What you return must be the lines from the first one below through the one containing "#898 = VERTEX_POINT ( 'NONE', #890 ) ;", exactly and with pictures excluded.

Start of PROVIDED DATA

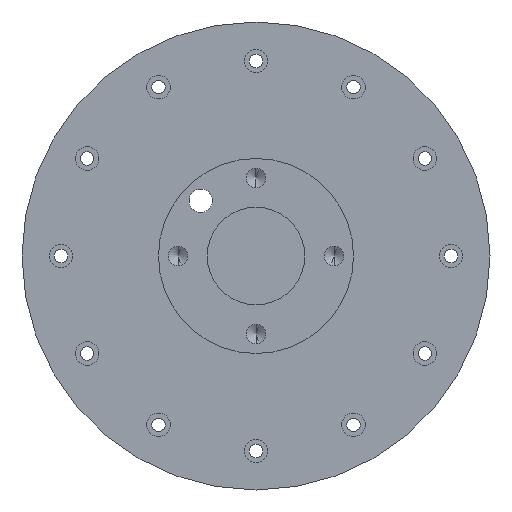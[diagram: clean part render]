
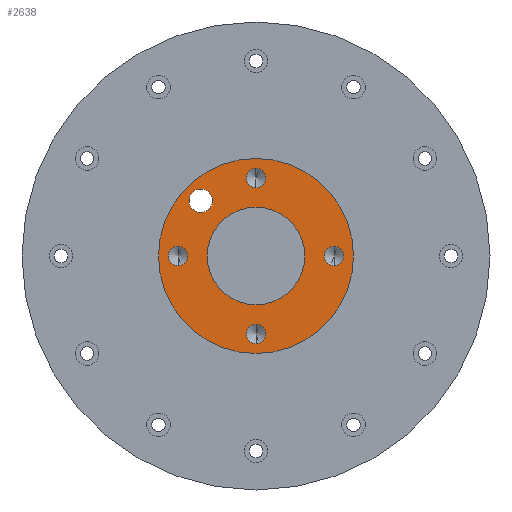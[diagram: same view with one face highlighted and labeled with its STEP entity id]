
A CAD part, left-side view. The second image highlights one B-rep face of the part: STEP entity #2638.
In plain terms, the highlighted planar face has unit normal (-1, 0, 0).
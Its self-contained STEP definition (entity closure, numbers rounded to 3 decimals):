
#52 = VERTEX_POINT ( 'NONE', #2375 ) ;
#63 = DIRECTION ( 'NONE',  ( -1., 0., 0. ) ) ;
#70 = VERTEX_POINT ( 'NONE', #1065 ) ;
#76 = DIRECTION ( 'NONE',  ( -1., 0., 0. ) ) ;
#103 = FACE_BOUND ( 'NONE', #2773, .T. ) ;
#156 = AXIS2_PLACEMENT_3D ( 'NONE', #303, #63, #1583 ) ;
#184 = ORIENTED_EDGE ( 'NONE', *, *, #1291, .F. ) ;
#259 = DIRECTION ( 'NONE',  ( 0., 0., -1. ) ) ;
#292 = ORIENTED_EDGE ( 'NONE', *, *, #744, .T. ) ;
#303 = CARTESIAN_POINT ( 'NONE',  ( -20., 14.142, 14.142 ) ) ;
#364 = AXIS2_PLACEMENT_3D ( 'NONE', #2481, #934, #2697 ) ;
#372 = CIRCLE ( 'NONE', #1336, 2.5 ) ;
#389 = VERTEX_POINT ( 'NONE', #2241 ) ;
#414 = DIRECTION ( 'NONE',  ( -1., 0., 0. ) ) ;
#415 = VERTEX_POINT ( 'NONE', #1195 ) ;
#422 = DIRECTION ( 'NONE',  ( -1., 0., 0. ) ) ;
#451 = ORIENTED_EDGE ( 'NONE', *, *, #2073, .F. ) ;
#470 = DIRECTION ( 'NONE',  ( 1., 0., 0. ) ) ;
#476 = VERTEX_POINT ( 'NONE', #1870 ) ;
#496 = ORIENTED_EDGE ( 'NONE', *, *, #649, .F. ) ;
#510 = FACE_BOUND ( 'NONE', #2539, .T. ) ;
#512 = DIRECTION ( 'NONE',  ( -1., 0., 0. ) ) ;
#528 = DIRECTION ( 'NONE',  ( 0., 0., 1. ) ) ;
#546 = CIRCLE ( 'NONE', #718, 2.5 ) ;
#552 = ORIENTED_EDGE ( 'NONE', *, *, #1534, .F. ) ;
#610 = CARTESIAN_POINT ( 'NONE',  ( -20., 0., 0. ) ) ;
#622 = DIRECTION ( 'NONE',  ( 0., 0., 1. ) ) ;
#630 = DIRECTION ( 'NONE',  ( 0., 0., 1. ) ) ;
#643 = CARTESIAN_POINT ( 'NONE',  ( -20., 14.142, 11.142 ) ) ;
#649 = EDGE_CURVE ( 'NONE', #1796, #389, #2372, .T. ) ;
#668 = EDGE_CURVE ( 'NONE', #52, #1825, #980, .T. ) ;
#718 = AXIS2_PLACEMENT_3D ( 'NONE', #1718, #414, #630 ) ;
#737 = CARTESIAN_POINT ( 'NONE',  ( -20., 25., 0. ) ) ;
#744 = EDGE_CURVE ( 'NONE', #898, #1450, #1383, .T. ) ;
#745 = PLANE ( 'NONE',  #2527 ) ;
#779 = CARTESIAN_POINT ( 'NONE',  ( -20., 0., -22.5 ) ) ;
#799 = CIRCLE ( 'NONE', #2434, 2.5 ) ;
#826 = ORIENTED_EDGE ( 'NONE', *, *, #2075, .F. ) ;
#890 = CARTESIAN_POINT ( 'NONE',  ( -20., 0., 12.5 ) ) ;
#892 = EDGE_CURVE ( 'NONE', #1099, #415, #799, .T. ) ;
#898 = VERTEX_POINT ( 'NONE', #890 ) ;
#910 = FACE_BOUND ( 'NONE', #2013, .T. ) ;
#922 = CARTESIAN_POINT ( 'NONE',  ( -20., 14.142, 17.142 ) ) ;
#924 = CIRCLE ( 'NONE', #2525, 2.5 ) ;
#934 = DIRECTION ( 'NONE',  ( 1., 0., 0. ) ) ;
#971 = DIRECTION ( 'NONE',  ( -1., 0., 0. ) ) ;
#980 = CIRCLE ( 'NONE', #2340, 2.5 ) ;
#985 = CARTESIAN_POINT ( 'NONE',  ( -20., 0., 20. ) ) ;
#1052 = CARTESIAN_POINT ( 'NONE',  ( -20., 20., 0. ) ) ;
#1065 = CARTESIAN_POINT ( 'NONE',  ( -20., -20., 2.5 ) ) ;
#1099 = VERTEX_POINT ( 'NONE', #779 ) ;
#1101 = CIRCLE ( 'NONE', #1779, 12.5 ) ;
#1111 = DIRECTION ( 'NONE',  ( 0., 0., 1. ) ) ;
#1117 = DIRECTION ( 'NONE',  ( 1., 0., 0. ) ) ;
#1118 = CARTESIAN_POINT ( 'NONE',  ( -20., 0., 0. ) ) ;
#1128 = EDGE_LOOP ( 'NONE', ( #2662, #1323 ) ) ;
#1132 = AXIS2_PLACEMENT_3D ( 'NONE', #1384, #76, #528 ) ;
#1138 = CARTESIAN_POINT ( 'NONE',  ( -20., -20., -2.5 ) ) ;
#1141 = CIRCLE ( 'NONE', #156, 3. ) ;
#1178 = DIRECTION ( 'NONE',  ( 0., 0., 1. ) ) ;
#1188 = CARTESIAN_POINT ( 'NONE',  ( -20., 14.142, 14.142 ) ) ;
#1194 = DIRECTION ( 'NONE',  ( 0., 0., 1. ) ) ;
#1195 = CARTESIAN_POINT ( 'NONE',  ( -20., 0., -17.5 ) ) ;
#1199 = ORIENTED_EDGE ( 'NONE', *, *, #1203, .F. ) ;
#1203 = EDGE_CURVE ( 'NONE', #476, #1980, #2293, .T. ) ;
#1217 = AXIS2_PLACEMENT_3D ( 'NONE', #1188, #971, #1636 ) ;
#1223 = CIRCLE ( 'NONE', #1217, 3. ) ;
#1231 = ORIENTED_EDGE ( 'NONE', *, *, #1929, .T. ) ;
#1291 = EDGE_CURVE ( 'NONE', #389, #1796, #924, .T. ) ;
#1311 = CIRCLE ( 'NONE', #364, 25. ) ;
#1323 = ORIENTED_EDGE ( 'NONE', *, *, #1432, .F. ) ;
#1333 = VERTEX_POINT ( 'NONE', #922 ) ;
#1336 = AXIS2_PLACEMENT_3D ( 'NONE', #1729, #422, #1943 ) ;
#1383 = CIRCLE ( 'NONE', #2491, 12.5 ) ;
#1384 = CARTESIAN_POINT ( 'NONE',  ( -20., -20., 0. ) ) ;
#1406 = CARTESIAN_POINT ( 'NONE',  ( -20., 0., -12.5 ) ) ;
#1414 = DIRECTION ( 'NONE',  ( 0., 0., 1. ) ) ;
#1432 = EDGE_CURVE ( 'NONE', #1825, #52, #2833, .T. ) ;
#1450 = VERTEX_POINT ( 'NONE', #1406 ) ;
#1489 = FACE_BOUND ( 'NONE', #2708, .T. ) ;
#1526 = CARTESIAN_POINT ( 'NONE',  ( -20., 20., 2.5 ) ) ;
#1534 = EDGE_CURVE ( 'NONE', #2080, #70, #372, .T. ) ;
#1545 = EDGE_LOOP ( 'NONE', ( #826, #1199 ) ) ;
#1583 = DIRECTION ( 'NONE',  ( 0., 0., 1. ) ) ;
#1593 = CIRCLE ( 'NONE', #1132, 2.5 ) ;
#1636 = DIRECTION ( 'NONE',  ( 0., 0., 1. ) ) ;
#1640 = FACE_BOUND ( 'NONE', #1128, .T. ) ;
#1679 = DIRECTION ( 'NONE',  ( 0., 0., -1. ) ) ;
#1694 = CARTESIAN_POINT ( 'NONE',  ( -20., 0., 20. ) ) ;
#1718 = CARTESIAN_POINT ( 'NONE',  ( -20., 0., -20. ) ) ;
#1729 = CARTESIAN_POINT ( 'NONE',  ( -20., -20., 0. ) ) ;
#1739 = AXIS2_PLACEMENT_3D ( 'NONE', #2425, #1117, #259 ) ;
#1765 = CARTESIAN_POINT ( 'NONE',  ( -20., 0., -20. ) ) ;
#1779 = AXIS2_PLACEMENT_3D ( 'NONE', #1118, #470, #2214 ) ;
#1796 = VERTEX_POINT ( 'NONE', #1526 ) ;
#1825 = VERTEX_POINT ( 'NONE', #2815 ) ;
#1863 = VERTEX_POINT ( 'NONE', #643 ) ;
#1870 = CARTESIAN_POINT ( 'NONE',  ( -20., 0., 25. ) ) ;
#1928 = DIRECTION ( 'NONE',  ( -1., 0., 0. ) ) ;
#1929 = EDGE_CURVE ( 'NONE', #1450, #898, #1101, .T. ) ;
#1943 = DIRECTION ( 'NONE',  ( 0., 0., 1. ) ) ;
#1970 = CARTESIAN_POINT ( 'NONE',  ( -20., 0., -25. ) ) ;
#1980 = VERTEX_POINT ( 'NONE', #1970 ) ;
#2013 = EDGE_LOOP ( 'NONE', ( #1231, #292 ) ) ;
#2022 = CARTESIAN_POINT ( 'NONE',  ( -20., 20., 0. ) ) ;
#2067 = DIRECTION ( 'NONE',  ( -1., 0., 0. ) ) ;
#2073 = EDGE_CURVE ( 'NONE', #1333, #1863, #1141, .T. ) ;
#2075 = EDGE_CURVE ( 'NONE', #1980, #476, #1311, .T. ) ;
#2080 = VERTEX_POINT ( 'NONE', #1138 ) ;
#2105 = EDGE_CURVE ( 'NONE', #70, #2080, #1593, .T. ) ;
#2109 = ORIENTED_EDGE ( 'NONE', *, *, #2105, .F. ) ;
#2131 = DIRECTION ( 'NONE',  ( 1., 0., 0. ) ) ;
#2139 = DIRECTION ( 'NONE',  ( -1., 0., 0. ) ) ;
#2214 = DIRECTION ( 'NONE',  ( 0., 0., -1. ) ) ;
#2241 = CARTESIAN_POINT ( 'NONE',  ( -20., 20., -2.5 ) ) ;
#2282 = FACE_BOUND ( 'NONE', #2710, .T. ) ;
#2287 = AXIS2_PLACEMENT_3D ( 'NONE', #1052, #1928, #622 ) ;
#2293 = CIRCLE ( 'NONE', #1739, 25. ) ;
#2340 = AXIS2_PLACEMENT_3D ( 'NONE', #1694, #2139, #2772 ) ;
#2372 = CIRCLE ( 'NONE', #2287, 2.5 ) ;
#2375 = CARTESIAN_POINT ( 'NONE',  ( -20., 0., 22.5 ) ) ;
#2385 = ORIENTED_EDGE ( 'NONE', *, *, #2795, .F. ) ;
#2417 = DIRECTION ( 'NONE',  ( -1., 0., 0. ) ) ;
#2425 = CARTESIAN_POINT ( 'NONE',  ( -20., 0., 0. ) ) ;
#2432 = ORIENTED_EDGE ( 'NONE', *, *, #892, .F. ) ;
#2434 = AXIS2_PLACEMENT_3D ( 'NONE', #1765, #2417, #1111 ) ;
#2448 = EDGE_CURVE ( 'NONE', #415, #1099, #546, .T. ) ;
#2467 = ORIENTED_EDGE ( 'NONE', *, *, #2448, .F. ) ;
#2481 = CARTESIAN_POINT ( 'NONE',  ( -20., 0., 0. ) ) ;
#2491 = AXIS2_PLACEMENT_3D ( 'NONE', #610, #2131, #1679 ) ;
#2525 = AXIS2_PLACEMENT_3D ( 'NONE', #2022, #2716, #1414 ) ;
#2527 = AXIS2_PLACEMENT_3D ( 'NONE', #737, #512, #1178 ) ;
#2539 = EDGE_LOOP ( 'NONE', ( #2467, #2432 ) ) ;
#2555 = AXIS2_PLACEMENT_3D ( 'NONE', #985, #2067, #1194 ) ;
#2579 = FACE_OUTER_BOUND ( 'NONE', #1545, .T. ) ;
#2638 = ADVANCED_FACE ( 'NONE', ( #103, #2282, #1640, #1489, #510, #910, #2579 ), #745, .T. ) ;
#2662 = ORIENTED_EDGE ( 'NONE', *, *, #668, .F. ) ;
#2697 = DIRECTION ( 'NONE',  ( 0., 0., -1. ) ) ;
#2708 = EDGE_LOOP ( 'NONE', ( #2109, #552 ) ) ;
#2710 = EDGE_LOOP ( 'NONE', ( #496, #184 ) ) ;
#2716 = DIRECTION ( 'NONE',  ( -1., 0., 0. ) ) ;
#2772 = DIRECTION ( 'NONE',  ( 0., 0., 1. ) ) ;
#2773 = EDGE_LOOP ( 'NONE', ( #451, #2385 ) ) ;
#2795 = EDGE_CURVE ( 'NONE', #1863, #1333, #1223, .T. ) ;
#2815 = CARTESIAN_POINT ( 'NONE',  ( -20., 0., 17.5 ) ) ;
#2833 = CIRCLE ( 'NONE', #2555, 2.5 ) ;

End of PROVIDED DATA

* ANSWER SPACE *
[diagram: clean part render]
[diagram: same view with one face highlighted and labeled with its STEP entity id]
A CAD part, left-side view. The second image highlights one B-rep face of the part: STEP entity #2638.
In plain terms, the highlighted planar face has unit normal (-1, 0, 0).
Its self-contained STEP definition (entity closure, numbers rounded to 3 decimals):
#52 = VERTEX_POINT ( 'NONE', #2375 ) ;
#63 = DIRECTION ( 'NONE',  ( -1., 0., 0. ) ) ;
#70 = VERTEX_POINT ( 'NONE', #1065 ) ;
#76 = DIRECTION ( 'NONE',  ( -1., 0., 0. ) ) ;
#103 = FACE_BOUND ( 'NONE', #2773, .T. ) ;
#156 = AXIS2_PLACEMENT_3D ( 'NONE', #303, #63, #1583 ) ;
#184 = ORIENTED_EDGE ( 'NONE', *, *, #1291, .F. ) ;
#259 = DIRECTION ( 'NONE',  ( 0., 0., -1. ) ) ;
#292 = ORIENTED_EDGE ( 'NONE', *, *, #744, .T. ) ;
#303 = CARTESIAN_POINT ( 'NONE',  ( -20., 14.142, 14.142 ) ) ;
#364 = AXIS2_PLACEMENT_3D ( 'NONE', #2481, #934, #2697 ) ;
#372 = CIRCLE ( 'NONE', #1336, 2.5 ) ;
#389 = VERTEX_POINT ( 'NONE', #2241 ) ;
#414 = DIRECTION ( 'NONE',  ( -1., 0., 0. ) ) ;
#415 = VERTEX_POINT ( 'NONE', #1195 ) ;
#422 = DIRECTION ( 'NONE',  ( -1., 0., 0. ) ) ;
#451 = ORIENTED_EDGE ( 'NONE', *, *, #2073, .F. ) ;
#470 = DIRECTION ( 'NONE',  ( 1., 0., 0. ) ) ;
#476 = VERTEX_POINT ( 'NONE', #1870 ) ;
#496 = ORIENTED_EDGE ( 'NONE', *, *, #649, .F. ) ;
#510 = FACE_BOUND ( 'NONE', #2539, .T. ) ;
#512 = DIRECTION ( 'NONE',  ( -1., 0., 0. ) ) ;
#528 = DIRECTION ( 'NONE',  ( 0., 0., 1. ) ) ;
#546 = CIRCLE ( 'NONE', #718, 2.5 ) ;
#552 = ORIENTED_EDGE ( 'NONE', *, *, #1534, .F. ) ;
#610 = CARTESIAN_POINT ( 'NONE',  ( -20., 0., 0. ) ) ;
#622 = DIRECTION ( 'NONE',  ( 0., 0., 1. ) ) ;
#630 = DIRECTION ( 'NONE',  ( 0., 0., 1. ) ) ;
#643 = CARTESIAN_POINT ( 'NONE',  ( -20., 14.142, 11.142 ) ) ;
#649 = EDGE_CURVE ( 'NONE', #1796, #389, #2372, .T. ) ;
#668 = EDGE_CURVE ( 'NONE', #52, #1825, #980, .T. ) ;
#718 = AXIS2_PLACEMENT_3D ( 'NONE', #1718, #414, #630 ) ;
#737 = CARTESIAN_POINT ( 'NONE',  ( -20., 25., 0. ) ) ;
#744 = EDGE_CURVE ( 'NONE', #898, #1450, #1383, .T. ) ;
#745 = PLANE ( 'NONE',  #2527 ) ;
#779 = CARTESIAN_POINT ( 'NONE',  ( -20., 0., -22.5 ) ) ;
#799 = CIRCLE ( 'NONE', #2434, 2.5 ) ;
#826 = ORIENTED_EDGE ( 'NONE', *, *, #2075, .F. ) ;
#890 = CARTESIAN_POINT ( 'NONE',  ( -20., 0., 12.5 ) ) ;
#892 = EDGE_CURVE ( 'NONE', #1099, #415, #799, .T. ) ;
#898 = VERTEX_POINT ( 'NONE', #890 ) ;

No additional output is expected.